*** Excerpted data Section Begins ***

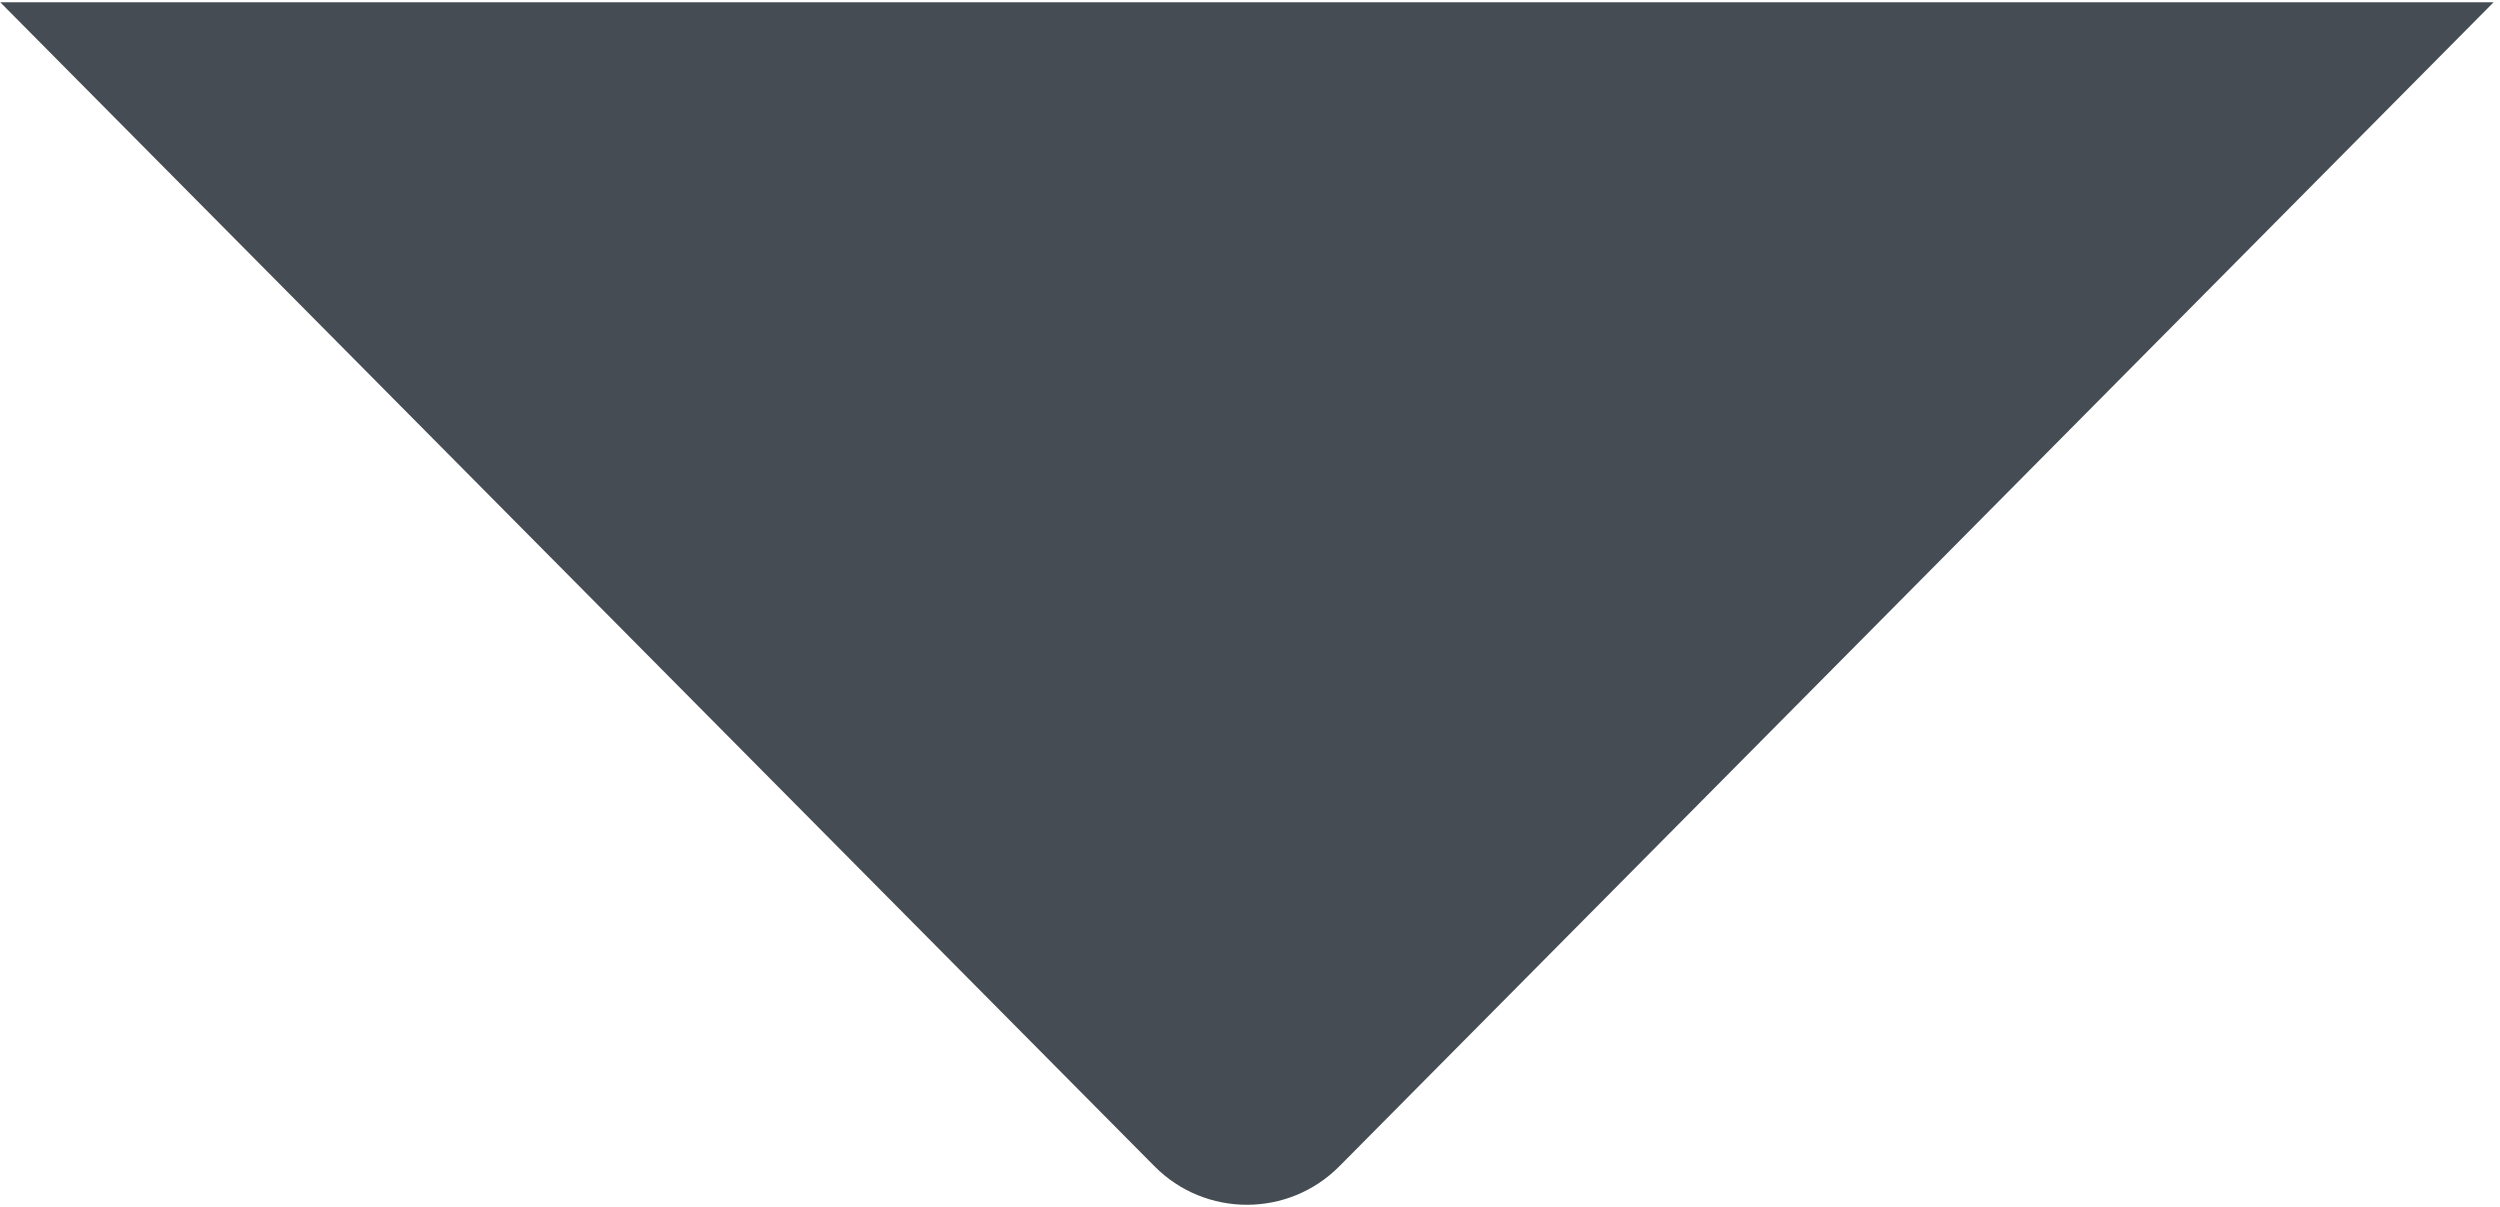 <?xml version="1.0" encoding="UTF-8"?> <svg xmlns="http://www.w3.org/2000/svg" width="288" height="139" viewBox="0 0 288 139" fill="none"> <path d="M154.297 134.352C148.429 140.27 138.862 140.27 132.994 134.352L0.025 0.258L287.266 0.258L154.297 134.352Z" fill="#464C53"></path> </svg> 
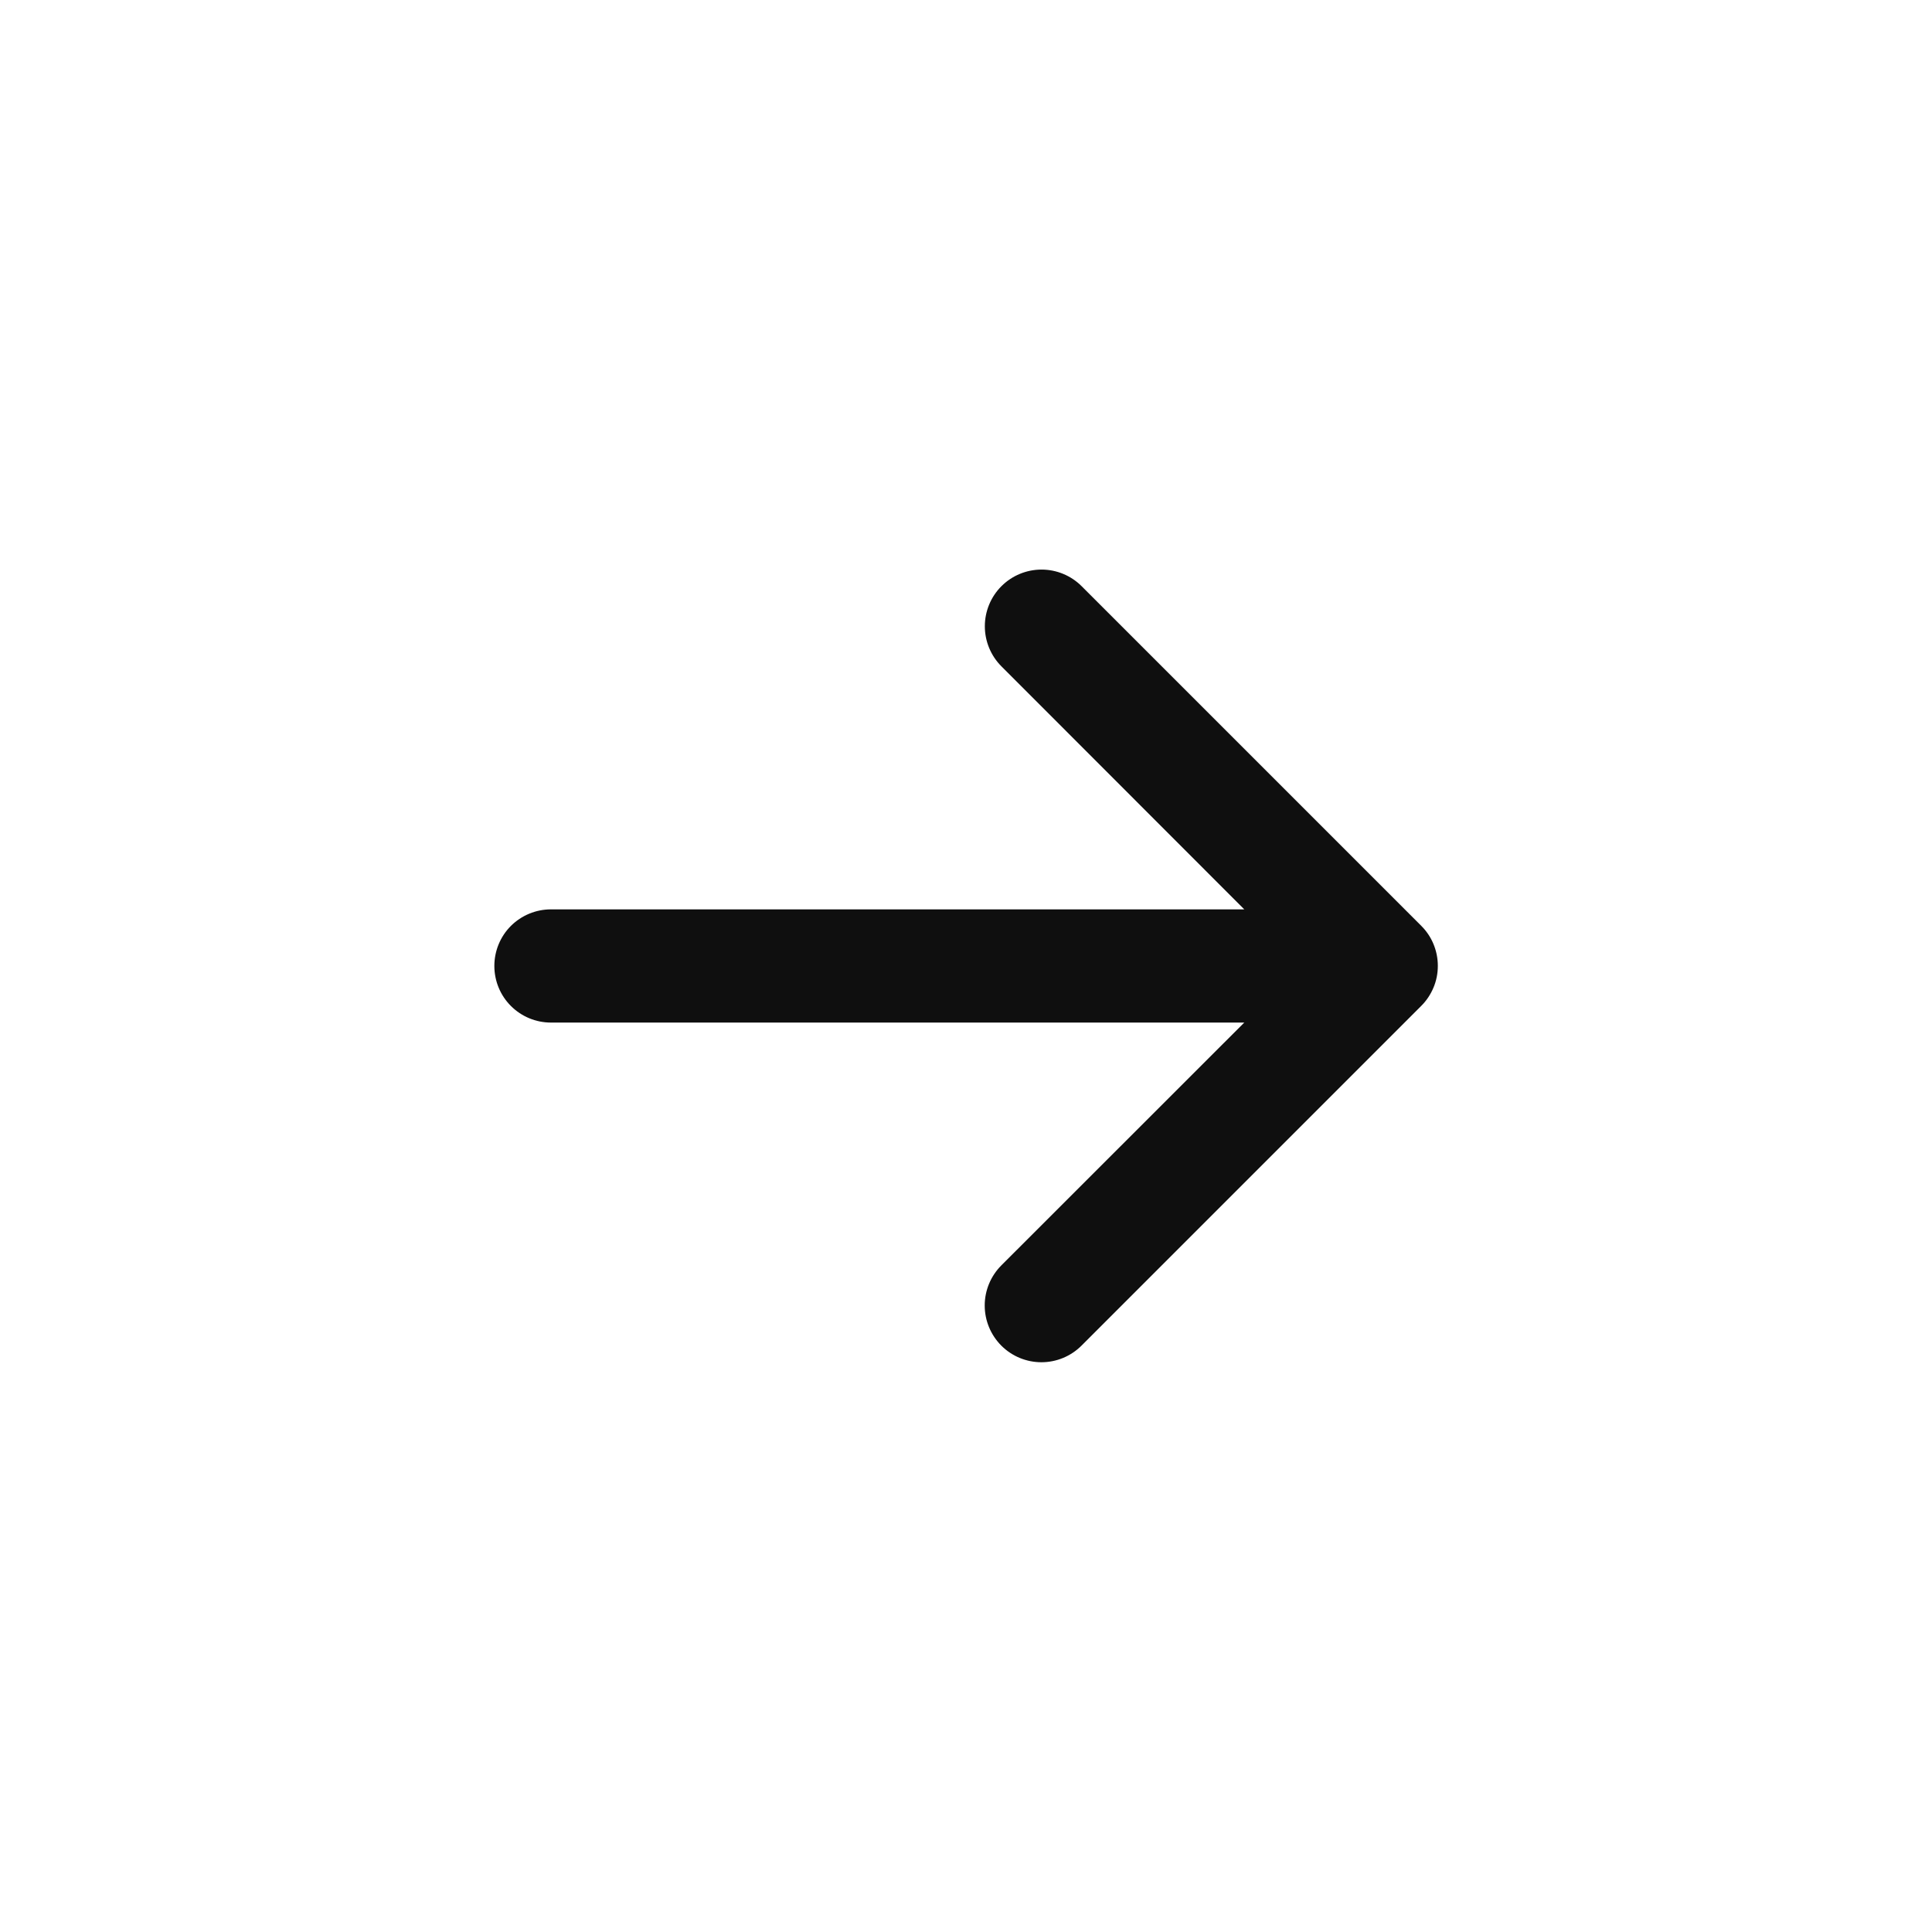 <svg width="32" height="32" viewBox="0 0 32 32" fill="none" xmlns="http://www.w3.org/2000/svg">
<g clip-path="url(#clip0_755_225)">
<path d="M23.538 16.663L17.913 22.288C17.737 22.464 17.498 22.563 17.249 22.563C17 22.563 16.761 22.464 16.585 22.288C16.409 22.111 16.31 21.873 16.31 21.623C16.31 21.374 16.409 21.136 16.585 20.959L20.609 16.937H9.125C8.876 16.937 8.638 16.838 8.462 16.662C8.286 16.486 8.188 16.248 8.188 15.999C8.188 15.751 8.286 15.512 8.462 15.336C8.638 15.161 8.876 15.062 9.125 15.062H20.609L16.587 11.037C16.411 10.861 16.312 10.622 16.312 10.373C16.312 10.124 16.411 9.885 16.587 9.709C16.763 9.533 17.002 9.434 17.251 9.434C17.5 9.434 17.739 9.533 17.915 9.709L23.54 15.334C23.627 15.421 23.697 15.524 23.744 15.639C23.791 15.753 23.815 15.875 23.815 15.998C23.815 16.122 23.791 16.244 23.743 16.358C23.695 16.472 23.626 16.576 23.538 16.663Z" fill="#0F0F0F"/>
</g>
<defs>
<clipPath id="clip0_755_225">
<rect width="32" height="32" rx="16" fill="white"/>
</clipPath>
</defs>
</svg>

*** Excerpted data Section Ends ***

◆ Your instructions ◆
All of the entries must be reproduced exactly, with no pictures kept.

◆ Result for this exercise ◆
 <?xml version="1.0" encoding="UTF-8"?> <svg xmlns="http://www.w3.org/2000/svg" width="288" height="139" viewBox="0 0 288 139" fill="none"> <path d="M154.297 134.352C148.429 140.27 138.862 140.27 132.994 134.352L0.025 0.258L287.266 0.258L154.297 134.352Z" fill="#464C53"></path> </svg> 
 <svg width="32" height="32" viewBox="0 0 32 32" fill="none" xmlns="http://www.w3.org/2000/svg">
<g clip-path="url(#clip0_755_225)">
<path d="M23.538 16.663L17.913 22.288C17.737 22.464 17.498 22.563 17.249 22.563C17 22.563 16.761 22.464 16.585 22.288C16.409 22.111 16.31 21.873 16.31 21.623C16.31 21.374 16.409 21.136 16.585 20.959L20.609 16.937H9.125C8.876 16.937 8.638 16.838 8.462 16.662C8.286 16.486 8.188 16.248 8.188 15.999C8.188 15.751 8.286 15.512 8.462 15.336C8.638 15.161 8.876 15.062 9.125 15.062H20.609L16.587 11.037C16.411 10.861 16.312 10.622 16.312 10.373C16.312 10.124 16.411 9.885 16.587 9.709C16.763 9.533 17.002 9.434 17.251 9.434C17.5 9.434 17.739 9.533 17.915 9.709L23.54 15.334C23.627 15.421 23.697 15.524 23.744 15.639C23.791 15.753 23.815 15.875 23.815 15.998C23.815 16.122 23.791 16.244 23.743 16.358C23.695 16.472 23.626 16.576 23.538 16.663Z" fill="#0F0F0F"/>
</g>
<defs>
<clipPath id="clip0_755_225">
<rect width="32" height="32" rx="16" fill="white"/>
</clipPath>
</defs>
</svg>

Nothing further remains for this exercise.